### Source data
=== Begin Enclosure ===

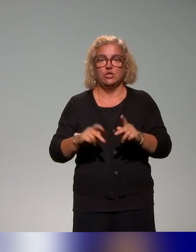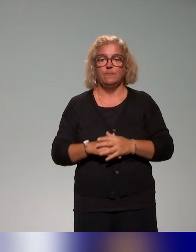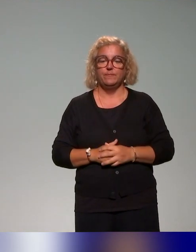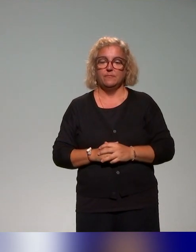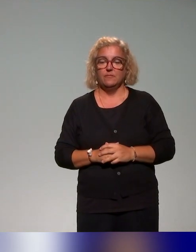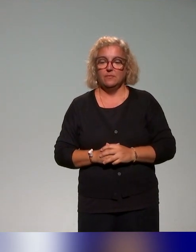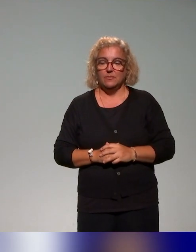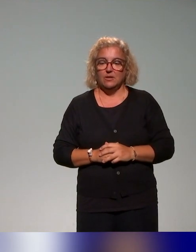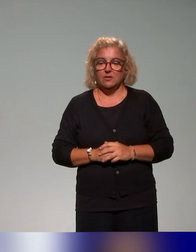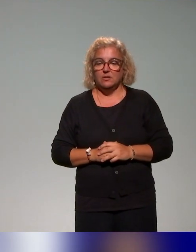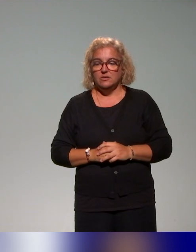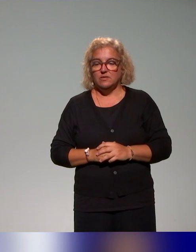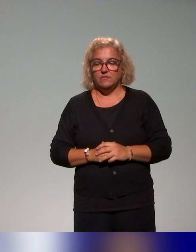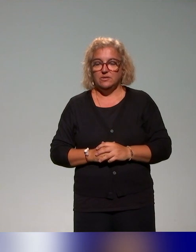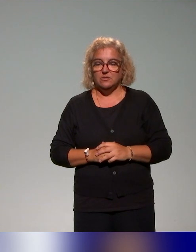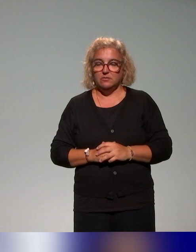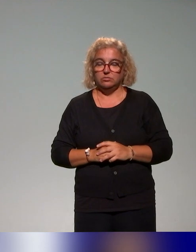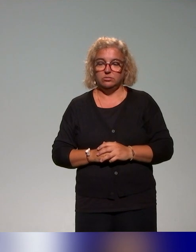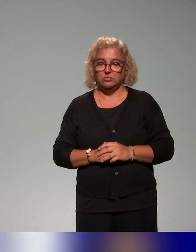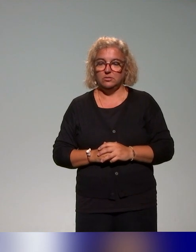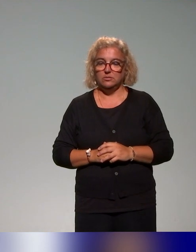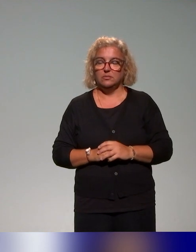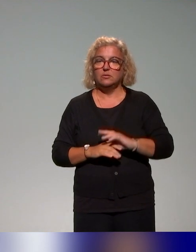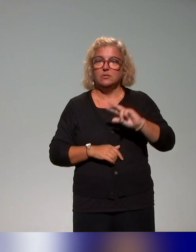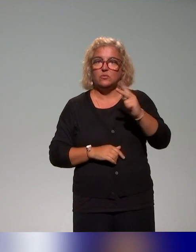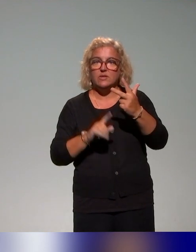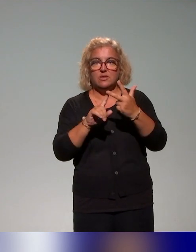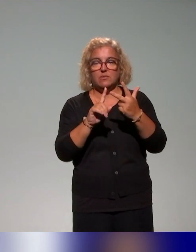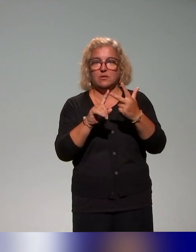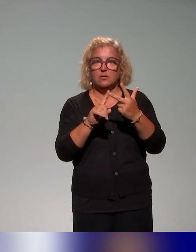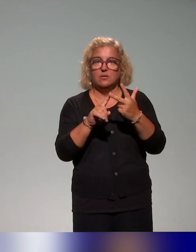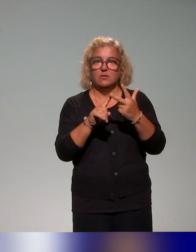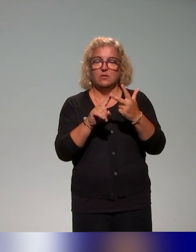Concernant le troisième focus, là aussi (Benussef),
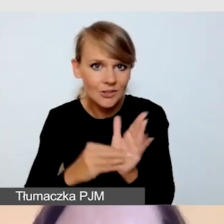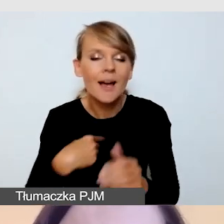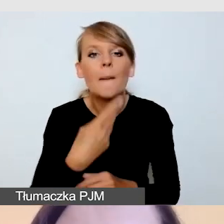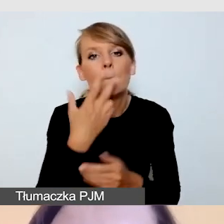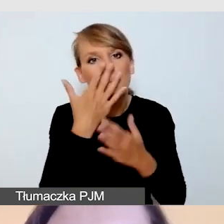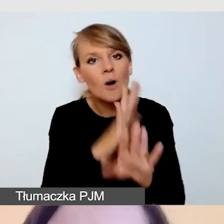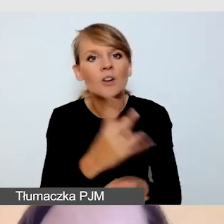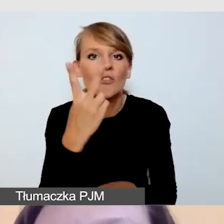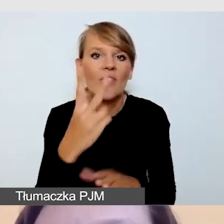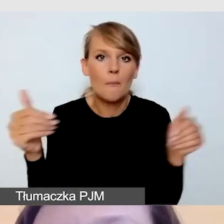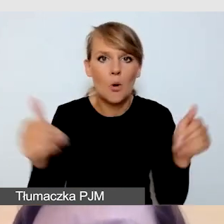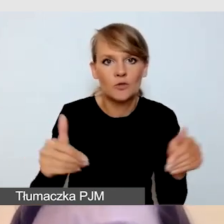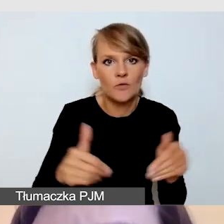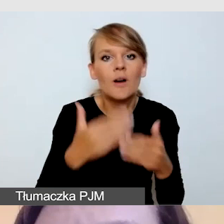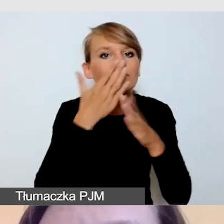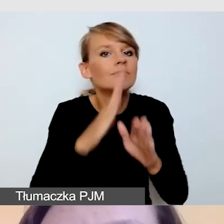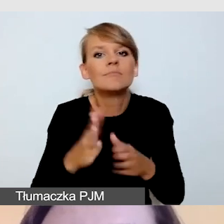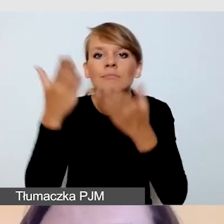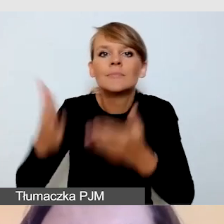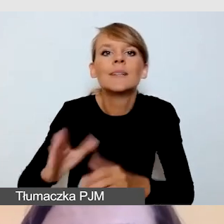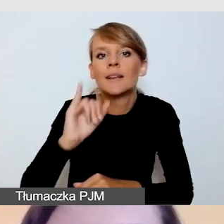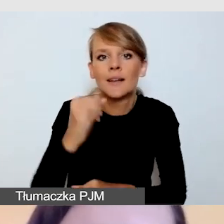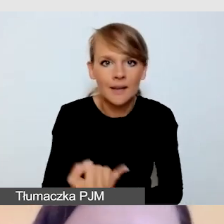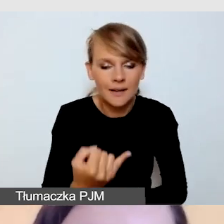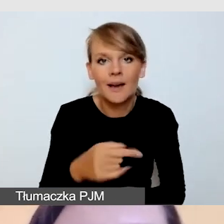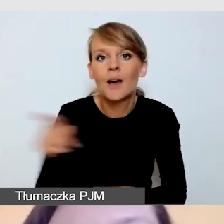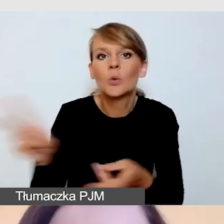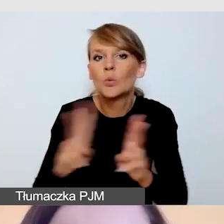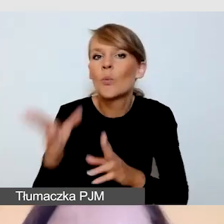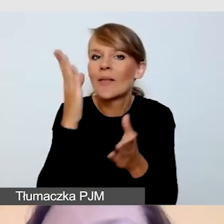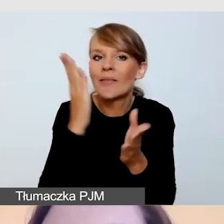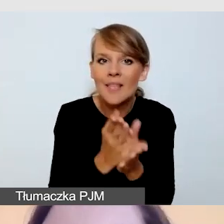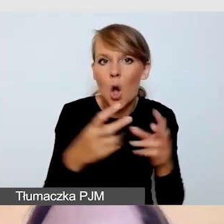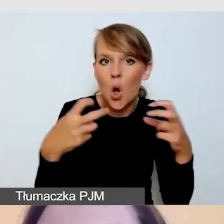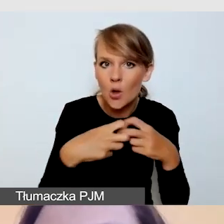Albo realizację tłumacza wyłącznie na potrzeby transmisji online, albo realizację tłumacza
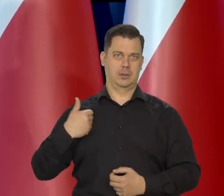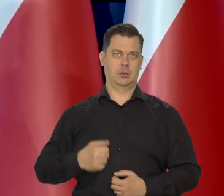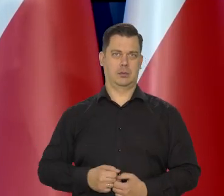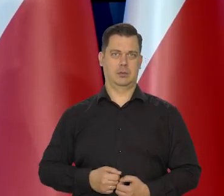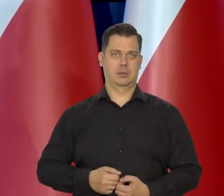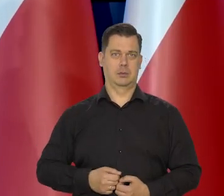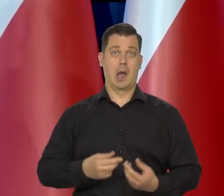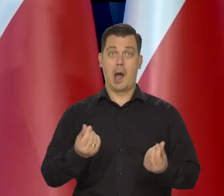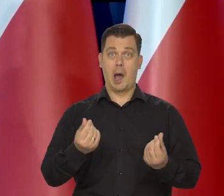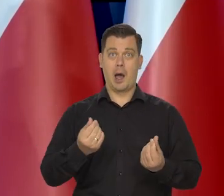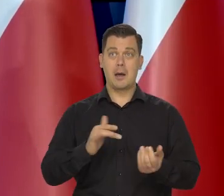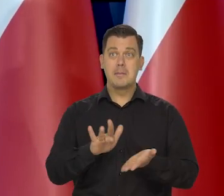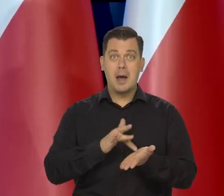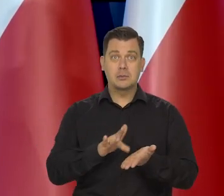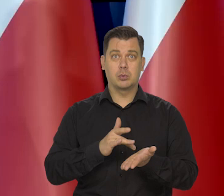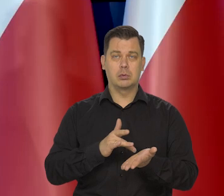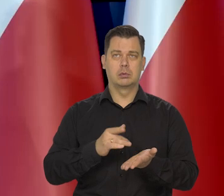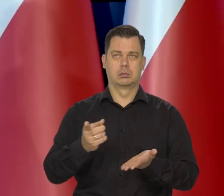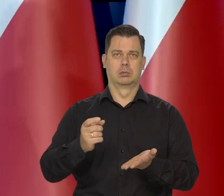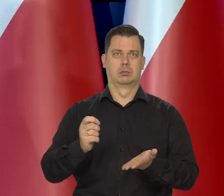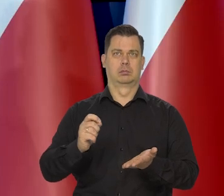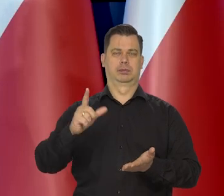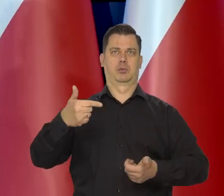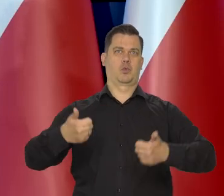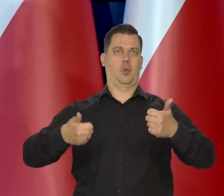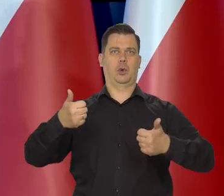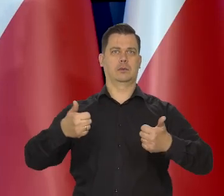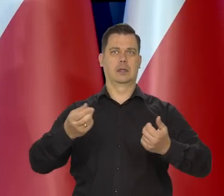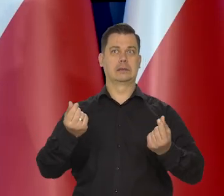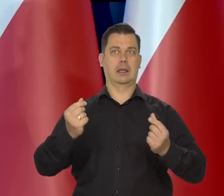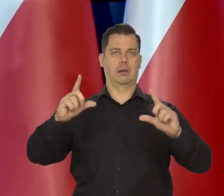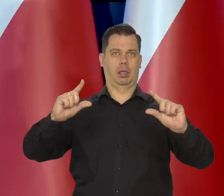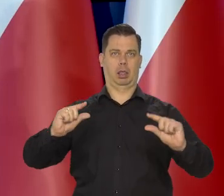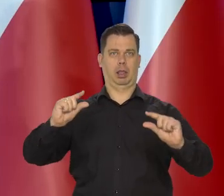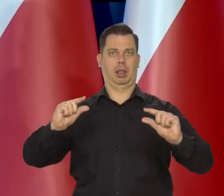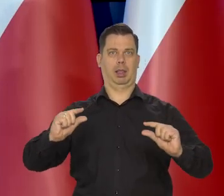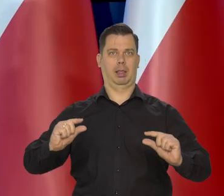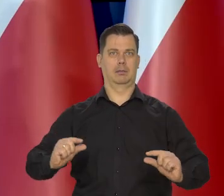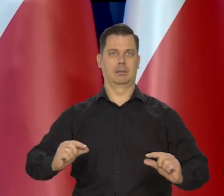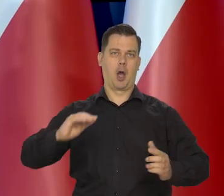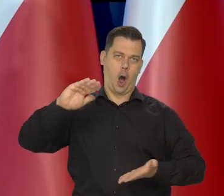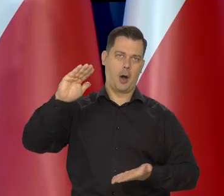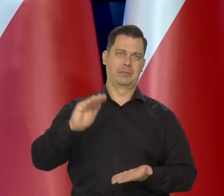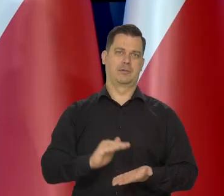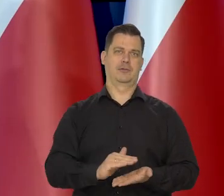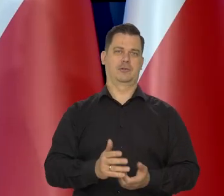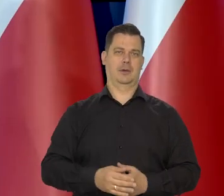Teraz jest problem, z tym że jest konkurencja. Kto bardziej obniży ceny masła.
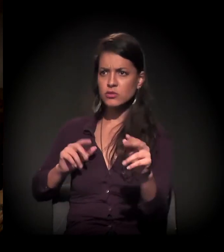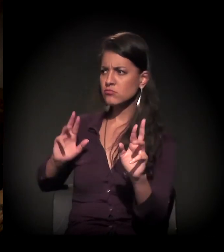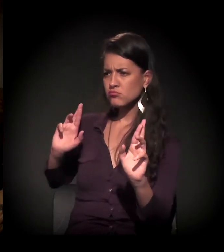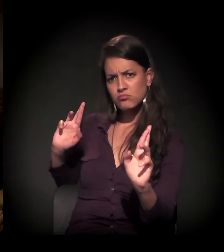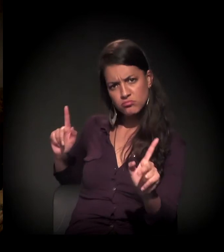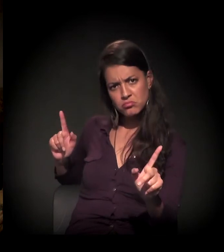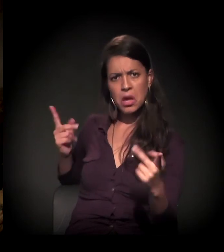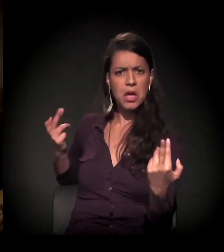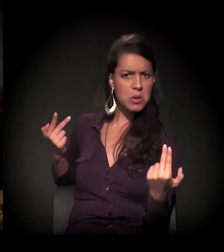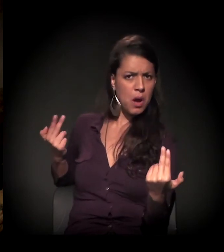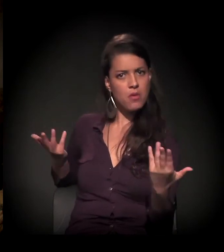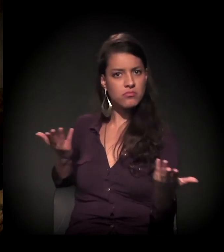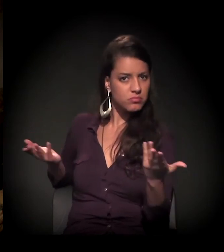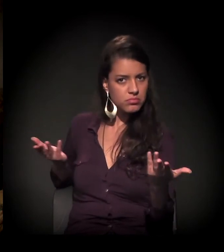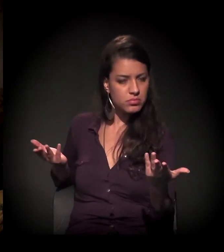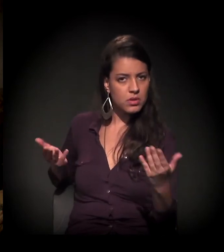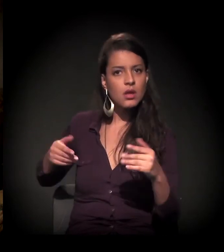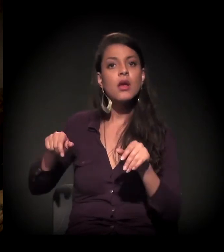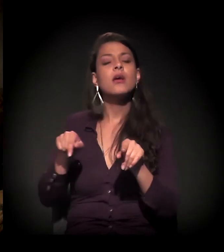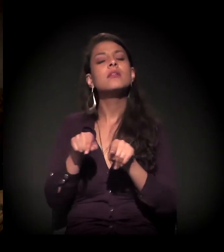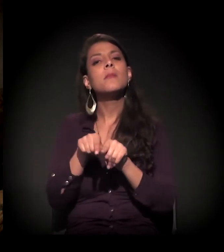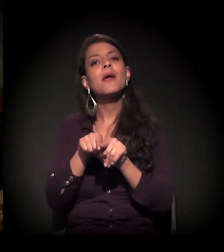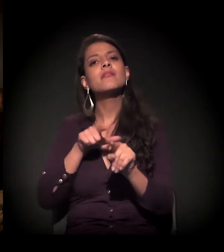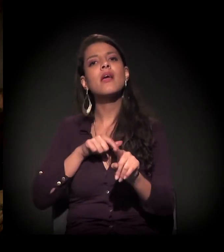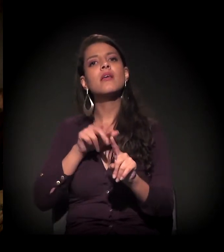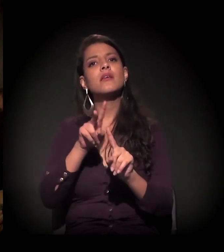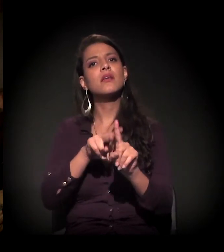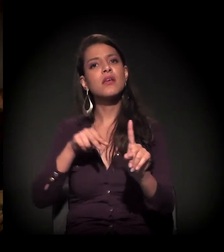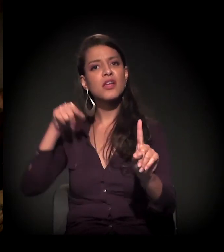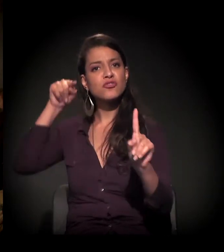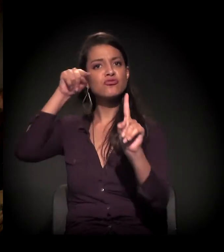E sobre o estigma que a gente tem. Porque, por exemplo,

=== End Enclosure ===

### What the task asks
Except for the pictures, copy the material above exactly.

### Answer section
Concernant le troisième focus, là aussi (Benussef),
Albo realizację tłumacza wyłącznie na potrzeby transmisji online, albo realizację tłumacza
Teraz jest problem, z tym że jest konkurencja. Kto bardziej obniży ceny masła.
E sobre o estigma que a gente tem. Porque, por exemplo,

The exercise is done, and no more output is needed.